Stored data
....

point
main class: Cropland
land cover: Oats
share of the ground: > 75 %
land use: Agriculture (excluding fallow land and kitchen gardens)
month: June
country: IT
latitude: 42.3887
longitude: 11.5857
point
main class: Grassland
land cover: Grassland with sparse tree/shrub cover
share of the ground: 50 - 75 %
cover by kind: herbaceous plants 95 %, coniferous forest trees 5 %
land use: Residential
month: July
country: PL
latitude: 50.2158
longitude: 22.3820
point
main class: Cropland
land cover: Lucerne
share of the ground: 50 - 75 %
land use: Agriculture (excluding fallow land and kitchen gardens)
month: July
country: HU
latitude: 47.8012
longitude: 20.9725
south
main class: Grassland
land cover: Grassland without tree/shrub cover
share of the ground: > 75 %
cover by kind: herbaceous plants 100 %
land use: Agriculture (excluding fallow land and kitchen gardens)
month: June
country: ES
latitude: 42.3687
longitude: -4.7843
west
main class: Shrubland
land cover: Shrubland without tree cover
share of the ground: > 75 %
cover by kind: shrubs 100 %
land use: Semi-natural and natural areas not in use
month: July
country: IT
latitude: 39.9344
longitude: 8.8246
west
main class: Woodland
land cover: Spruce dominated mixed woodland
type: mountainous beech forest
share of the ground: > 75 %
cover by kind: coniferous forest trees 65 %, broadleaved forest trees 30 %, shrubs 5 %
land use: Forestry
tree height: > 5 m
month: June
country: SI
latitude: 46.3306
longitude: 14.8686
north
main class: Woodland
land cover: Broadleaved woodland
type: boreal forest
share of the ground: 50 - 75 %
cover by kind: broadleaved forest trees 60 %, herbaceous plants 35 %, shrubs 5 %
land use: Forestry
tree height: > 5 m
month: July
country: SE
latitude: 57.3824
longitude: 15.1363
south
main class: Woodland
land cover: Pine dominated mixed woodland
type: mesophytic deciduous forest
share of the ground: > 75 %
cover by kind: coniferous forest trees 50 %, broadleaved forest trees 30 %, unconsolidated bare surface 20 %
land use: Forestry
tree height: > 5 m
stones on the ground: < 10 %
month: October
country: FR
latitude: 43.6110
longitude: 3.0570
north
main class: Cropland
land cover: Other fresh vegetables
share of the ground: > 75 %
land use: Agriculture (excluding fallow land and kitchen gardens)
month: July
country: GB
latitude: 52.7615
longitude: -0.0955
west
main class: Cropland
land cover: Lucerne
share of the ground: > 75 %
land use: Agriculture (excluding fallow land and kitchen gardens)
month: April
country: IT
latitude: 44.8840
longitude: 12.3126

....

> _The problem_: Take the entries above and repeat them. Alter nothing.

> _Task answer_:
point
main class: Cropland
land cover: Oats
share of the ground: > 75 %
land use: Agriculture (excluding fallow land and kitchen gardens)
month: June
country: IT
latitude: 42.3887
longitude: 11.5857
point
main class: Grassland
land cover: Grassland with sparse tree/shrub cover
share of the ground: 50 - 75 %
cover by kind: herbaceous plants 95 %, coniferous forest trees 5 %
land use: Residential
month: July
country: PL
latitude: 50.2158
longitude: 22.3820
point
main class: Cropland
land cover: Lucerne
share of the ground: 50 - 75 %
land use: Agriculture (excluding fallow land and kitchen gardens)
month: July
country: HU
latitude: 47.8012
longitude: 20.9725
south
main class: Grassland
land cover: Grassland without tree/shrub cover
share of the ground: > 75 %
cover by kind: herbaceous plants 100 %
land use: Agriculture (excluding fallow land and kitchen gardens)
month: June
country: ES
latitude: 42.3687
longitude: -4.7843
west
main class: Shrubland
land cover: Shrubland without tree cover
share of the ground: > 75 %
cover by kind: shrubs 100 %
land use: Semi-natural and natural areas not in use
month: July
country: IT
latitude: 39.9344
longitude: 8.8246
west
main class: Woodland
land cover: Spruce dominated mixed woodland
type: mountainous beech forest
share of the ground: > 75 %
cover by kind: coniferous forest trees 65 %, broadleaved forest trees 30 %, shrubs 5 %
land use: Forestry
tree height: > 5 m
month: June
country: SI
latitude: 46.3306
longitude: 14.8686
north
main class: Woodland
land cover: Broadleaved woodland
type: boreal forest
share of the ground: 50 - 75 %
cover by kind: broadleaved forest trees 60 %, herbaceous plants 35 %, shrubs 5 %
land use: Forestry
tree height: > 5 m
month: July
country: SE
latitude: 57.3824
longitude: 15.1363
south
main class: Woodland
land cover: Pine dominated mixed woodland
type: mesophytic deciduous forest
share of the ground: > 75 %
cover by kind: coniferous forest trees 50 %, broadleaved forest trees 30 %, unconsolidated bare surface 20 %
land use: Forestry
tree height: > 5 m
stones on the ground: < 10 %
month: October
country: FR
latitude: 43.6110
longitude: 3.0570
north
main class: Cropland
land cover: Other fresh vegetables
share of the ground: > 75 %
land use: Agriculture (excluding fallow land and kitchen gardens)
month: July
country: GB
latitude: 52.7615
longitude: -0.0955
west
main class: Cropland
land cover: Lucerne
share of the ground: > 75 %
land use: Agriculture (excluding fallow land and kitchen gardens)
month: April
country: IT
latitude: 44.8840
longitude: 12.3126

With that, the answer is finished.